Into the Wilderness Page 74


"Oh," said Elizabeth, flustered. She had heard of this local habit of starting a family before marriage, but it was a difficult one to come to grips with.

"Very well for Hitty," said Julian impatiently, trying to urge Elizabeth toward the door. "But it's time for my tea now and I'm afraid I'm not willing to wait any longer. Are you two coming along or not?"

"Go on ahead," Richard said, before Elizabeth could answer. "I will see your sister home."

Julian raised an eyebrow in question at Elizabeth, and she gave him reluctant nod. He shrugged his shoulders and took his leave from the men at the hearth. "I'll be back to hear more about that gold," he called to Axel with a flourish, and the door fell shut behind him.

* * *

"Is there anything I may bring you from Johnstown?" Richard asked when he had settled Elizabeth into his sleigh and tucked the lap robes around her.

"Is that what you wanted to talk to me about?" she asked, surprised.

"No, but it will do for a start. And do I need a reason to talk to you?" he asked, clucking to the chestnut geldings to set them on their way.

Elizabeth had quickly realized that the hardest part of her role in the current affair was not missing Nathaniel, but coping with Richard. His possessiveness was a trial she had not really anticipated. She felt his gaze on her now, a sidelong glance of paternalistic condescension which marked her his asset, his almost—wife. Sometimes it was more than she could bear.

"I suppose not," she said tightly.

"Miz Elizabeth!" called a young voice, and Elizabeth smiled and waved at Peter Dubonnet, the youngest of her schoolboys. She was surprised to see him salute her with an axe; he was a slight child, and she wouldn't have thought him strong enough to be effective at splitting kindling. But a half—filled wicker basket stood to one side and he turned back to it as the sleigh moved on. In the classroom Peter had the serious demeanor of a child with too much responsibility, and Elizabeth wondered where Claude Dubonnet kept himself while his son chopped wood.

"There might be mail waiting in Johnstown," Richard was saying, and Elizabeth turned back to the conversation at hand.

"I suppose there might be," she agreed.

"Perhaps word from your aunt Merriweather."

"Yes," said Elizabeth, now more distinctly uncomfortable. "Perhaps. Will you be disappointed if there is none?"

Immediately Elizabeth regretted this question. She dared not look at Richard, and so she looked instead at the way the softened snow puckered and fell in on itself over Henry Smythe's fallow cornfields.

"I am a patient man," Richard said finally.

"I see that you are," Elizabeth said. "If I may make an observation, you are also a stubborn one."

He shrugged a bit, as if to concede this point. Irritated, Elizabeth decided to have her way just this once with Richard, and risk the possibility of putting him off

"When are you going to tell me about your childhood?" she said to him. "You seem to always evade the subject."

"The way you are evading the subject of my proposal?"

"We have discussed your proposal at length, on a number of occasions," retorted Elizabeth. "You have yet to tell me anything about your childhood."

"You're mighty interested in stories today," Richard said, clearly put out.

"Do you mean Jack Lingo?" Elizabeth said.

He grunted.

"It was an interesting story, but it has nothing to do with the matter at hand."

"There's nothing to tell," Richard said stiffly.

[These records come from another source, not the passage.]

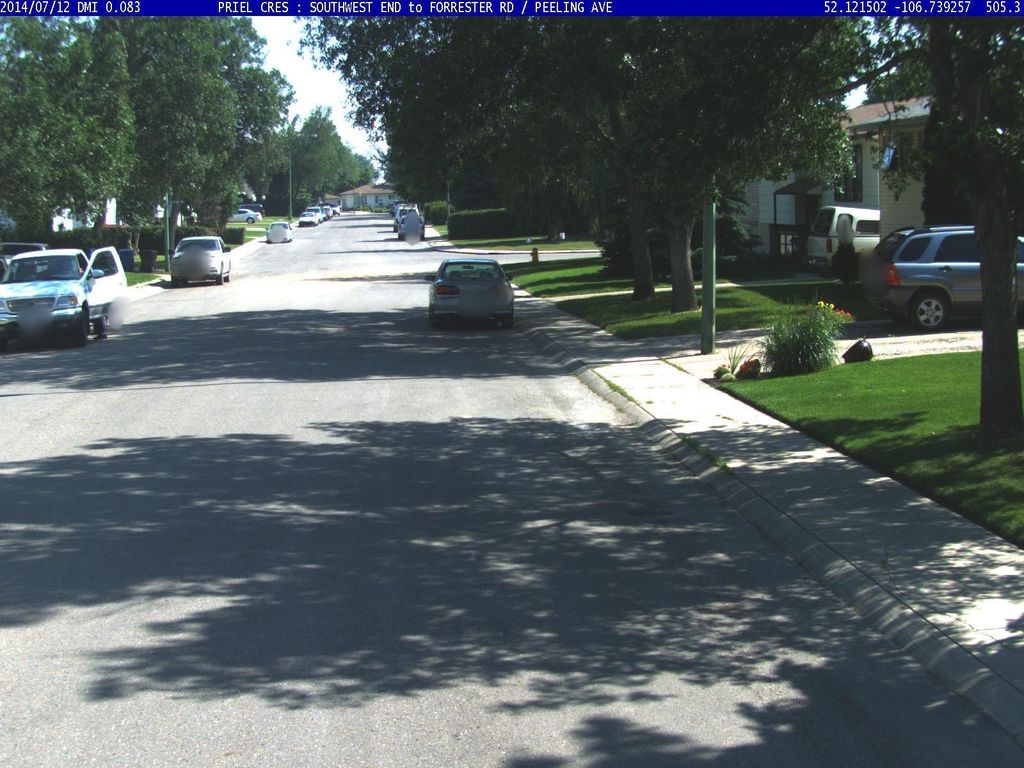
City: saskatoon
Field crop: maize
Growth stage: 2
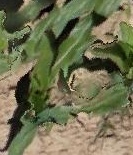
Species: maize
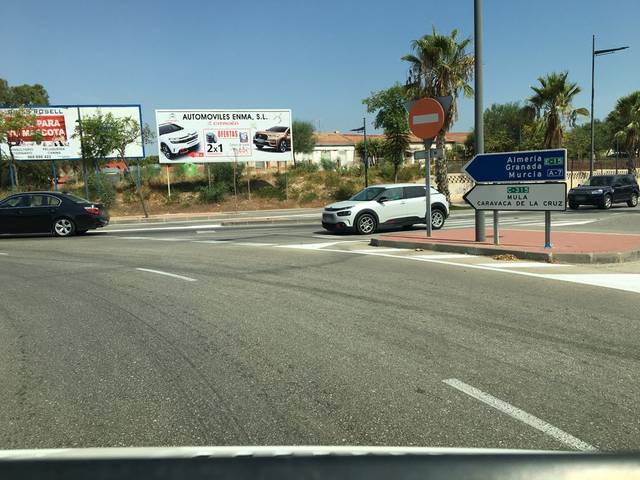
Region: Spain
Coordinates: 37.972, -1.223
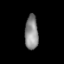
Tissue: lung
Cell type: Epithelial cells
Senescence score: 0.1838
Nuclear area (px): 447
Mean DAPI intensity: 138.812
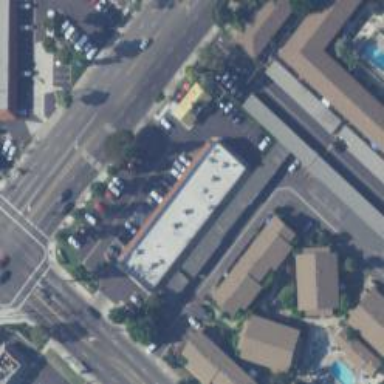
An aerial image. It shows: Convenience shop.
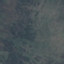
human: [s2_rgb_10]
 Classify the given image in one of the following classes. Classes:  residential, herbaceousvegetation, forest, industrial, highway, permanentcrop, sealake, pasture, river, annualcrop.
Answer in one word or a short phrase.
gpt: HerbaceousVegetation
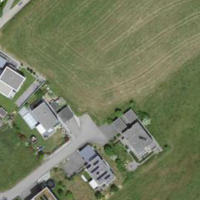
EUNIS habitat code: 52
Species observed at this site:
Campanula thyrsoides
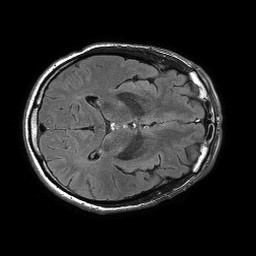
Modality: FLAIR
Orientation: axial
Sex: male
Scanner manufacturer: philips
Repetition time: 11 s
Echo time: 0.125 s
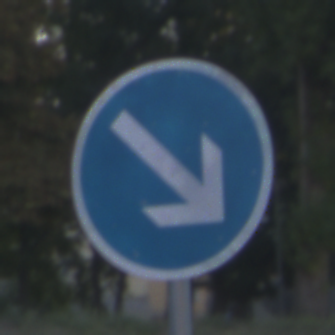
Verkehrszeichen: VorgeschriebeneVorbeifahrtRechts
Umgebung: Outdoor, Urban
Tageszeit: SunriseSunset
Wetter: Clear
Licht: Natural
Jahreszeit: NotSpecified
Kontrast: LowContrast
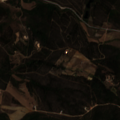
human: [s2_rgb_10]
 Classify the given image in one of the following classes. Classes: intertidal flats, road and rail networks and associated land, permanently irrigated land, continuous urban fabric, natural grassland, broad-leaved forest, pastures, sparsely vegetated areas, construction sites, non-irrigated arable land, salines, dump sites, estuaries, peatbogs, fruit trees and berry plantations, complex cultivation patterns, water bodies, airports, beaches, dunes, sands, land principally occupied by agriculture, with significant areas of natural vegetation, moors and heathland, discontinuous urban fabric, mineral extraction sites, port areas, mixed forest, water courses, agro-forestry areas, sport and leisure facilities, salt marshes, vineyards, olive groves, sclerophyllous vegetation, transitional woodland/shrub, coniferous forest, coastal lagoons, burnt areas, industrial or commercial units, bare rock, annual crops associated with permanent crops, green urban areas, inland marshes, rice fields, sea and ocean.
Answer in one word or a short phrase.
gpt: complex cultivation patterns, land principally occupied by agriculture, with significant areas of natural vegetation, broad-leaved forest, coniferous forest, sclerophyllous vegetation, transitional woodland/shrub
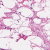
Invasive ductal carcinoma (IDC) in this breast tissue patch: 0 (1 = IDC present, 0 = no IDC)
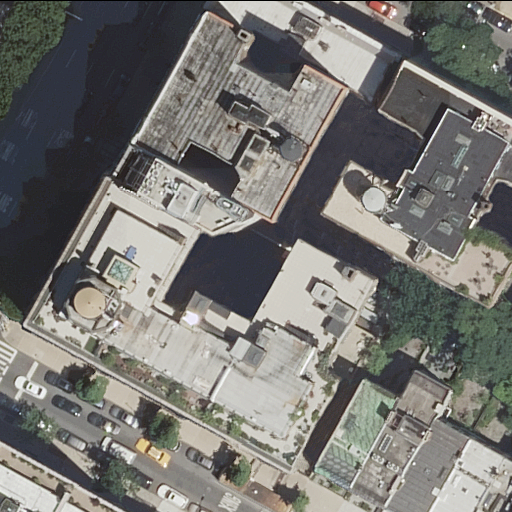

"Between strangers, perhaps not," Elizabeth said, just as stiffly. She wondered herself why she was being so insistent about this, why it seemed so important to get Richard to talk about his time with the Mohawk.

"Are we to be strangers no longer, then?" Richard asked in a voice which struck Elizabeth as toneless and, at the same time, vaguely threatening.

The sleigh track entered a narrow place where the river negotiated between a steep hillside and a wall of rock, so that the path bordered directly on the water, rushing high now with icy runoff from the mountain. Just beyond the turning, Elizabeth knew, her father's house would come into view. But right here they were not visible from the house or from the village. With considerable discomfort Elizabeth watched as Richard brought the sleigh to a halt.

This is what my curiosity reaps, she thought to herself grimly. For weeks now she had managed to avoid this kind of encounter with Richard, but there was nowhere to go, no excuse to be made.

"Elizabeth."

She met his gaze with a raised eyebrow.

"Do you believe that your aunt will give her blessing to the match between us?"

Elizabeth called up an image of aunt Merriweather. She was a kind but sometimes rash woman of strong opinions, and one of those opinions was that a woman without considerable resources of her own was better off married. Love was not a staple of aunt Merriweather's philosophy, and she would not know what to make of Nathaniel. Richard, on the other hand, would be a more familiar kind of creature to her in spite of his unconventional childhood.

"I really don't know," said Elizabeth finally.

"Will you go against her wishes if she does not support your plans to marry?"

What a fortuitous formulation, Elizabeth thought. At least in answering this I can look him straight in the eye. "If I feel that it is in my best interest to marry, I will do so, even if my aunt does not agree."